NO TAX RATE IMPACT
Based on growth of Taxable Assessed Values, CFBISD can issue the $716.4 million worth of bonds without a change to the I&S tax rate.
The Citizen’s Bond Planning Committee intentionally brought forward a recommendation for a bond package that could be issued at the current tax rate.
The Board of Trustees voted to approve the amount recommended by the citizen’s committee and stated in the February 2, 2023 board meeting that they do not plan to increase the tax rate.
The district’s Financial Advisor and Chief Financial Officer agree that the bonds can be issued without changing the tax rate based on current assumptions.
The total tax rate may drop again in 2023, if the state continues to compress the Maintenance & Operations rate.
CFBISD HAS LOWEST TOTAL TAX RATE SINCE 1992
SCHOOL TAXES INCLUDE TWO TAX RATES
Public school taxes involve two figures, which divide the school district budget into two “buckets.”
The first bucket is the Maintenance and Operations budget (M&O), which funds daily costs and recurring or consumable expenditures such as teacher and staff salaries, supplies, food and utilities. Approximately 82 percent of the district’s M&O budget goes to teacher and staff salaries.
The second bucket is the Interest and Sinking Fund (I&S), also known as Debt Service, and that is used to repay debt for capital improvements approved by voters through bond elections. Proceeds from a bond issue can be used for the construction and renovation of facilities, the acquisition of land and the purchase of capital items such as equipment, technology and infrastructure. By law, I&S funds cannot be used to pay M&O expenses, which means that voter-approved bonds cannot be used to increase teacher salaries or pay rising costs for utilities and services.
TAX CEILING FOR RESIDENTS OVER 65
CFBISD property taxes for citizens age 65 or older will not be affected by this – or any – school bond election as long as a homestead and over 65 exemption application have been filed with the local appraisal district.
The school district tax rate will not change for anyone as a result of this bond election.
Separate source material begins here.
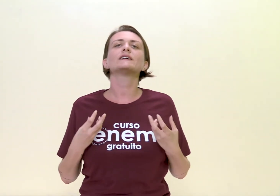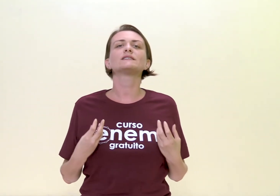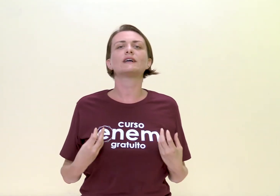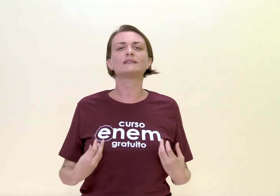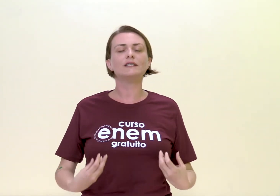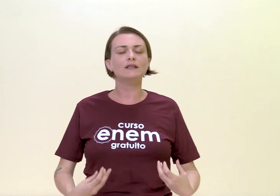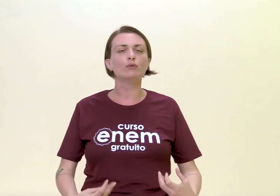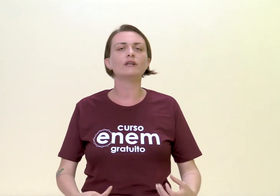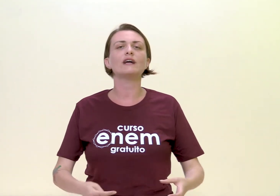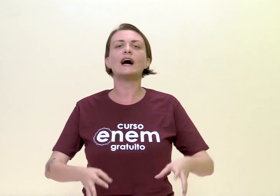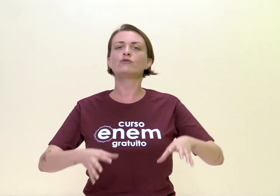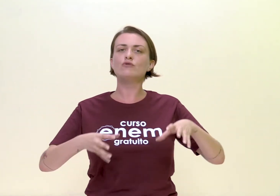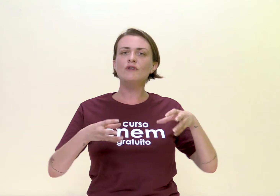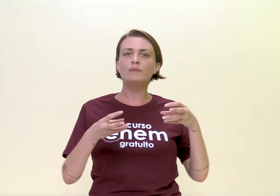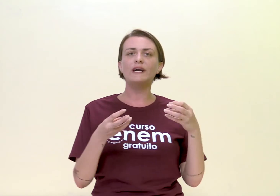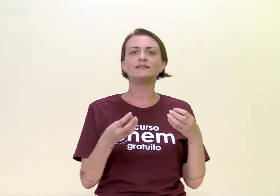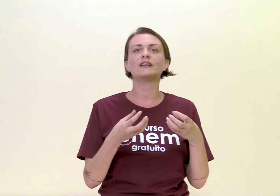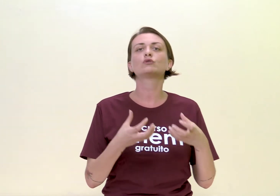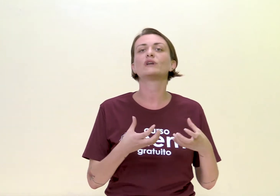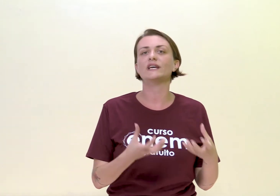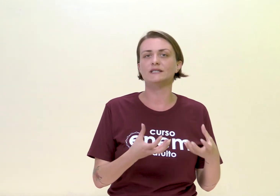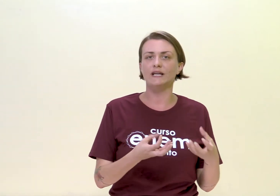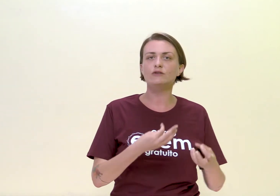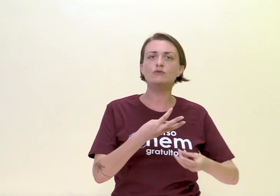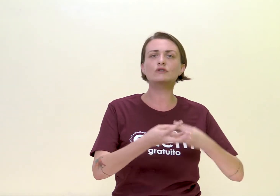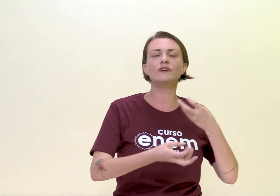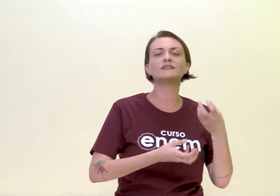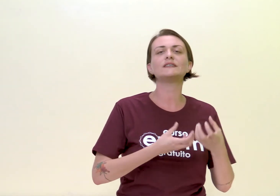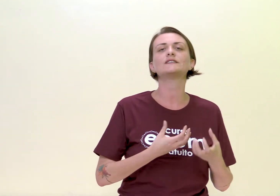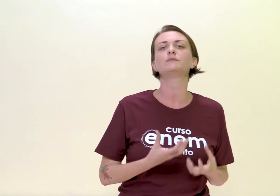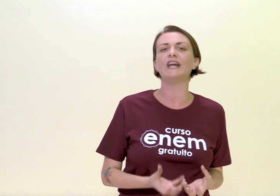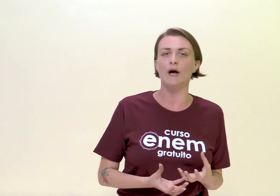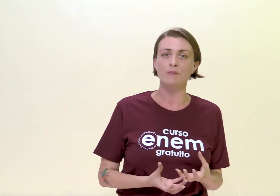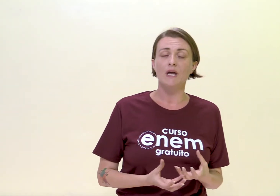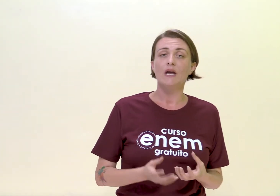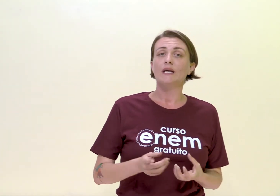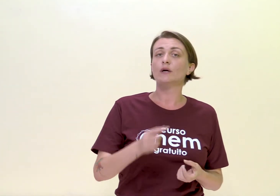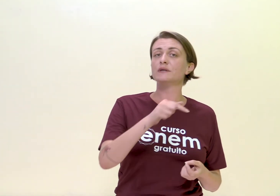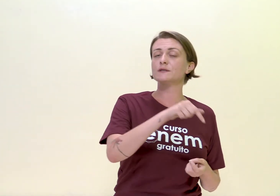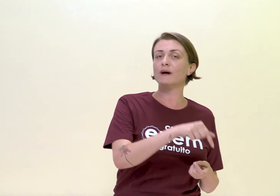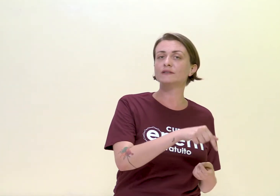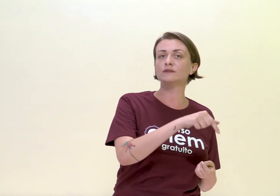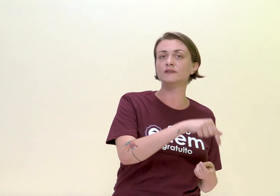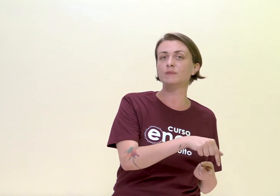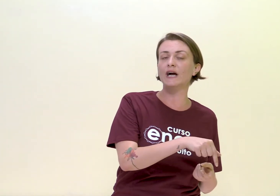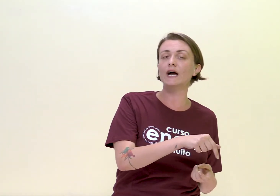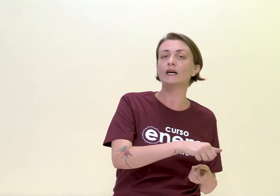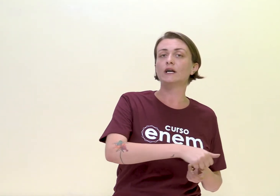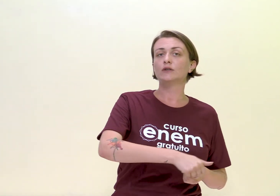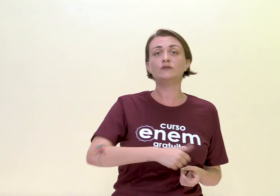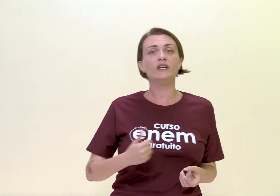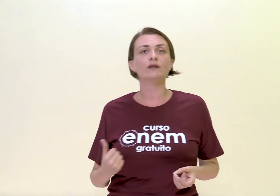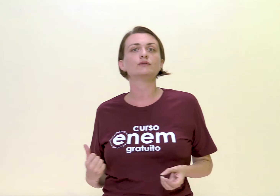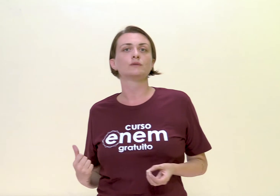essa tranquilidade? Onde a vai pegar essa natureza? De onde a gente vai se inspirar? Então, eles passam a se inspirar nos gregos,

Citizens 65 and older are eligible for an “over 65” homestead exemption.
According to state law, the dollar amount of school taxes imposed on the residence homestead of a person 65 years of age or older cannot be increased above the amount paid in the first year after the person turned 65 regardless of changes in tax rate or property value unless improvements are made to the home.
Learn more about the Over 65 Exemption on the Comptroller’s website.
Visit the Dallas Central Appraisal District’s website for an application.
Why is my tax bill higher if the tax rate has gone down?
Even though the CFBISD tax rate is the lowest it has been in 31 years, your taxes are or may be higher due to the overall property value growth, not the tax rate. Your home value is set by the Dallas Central Appraisal District, and when your home value increases, so does your bill.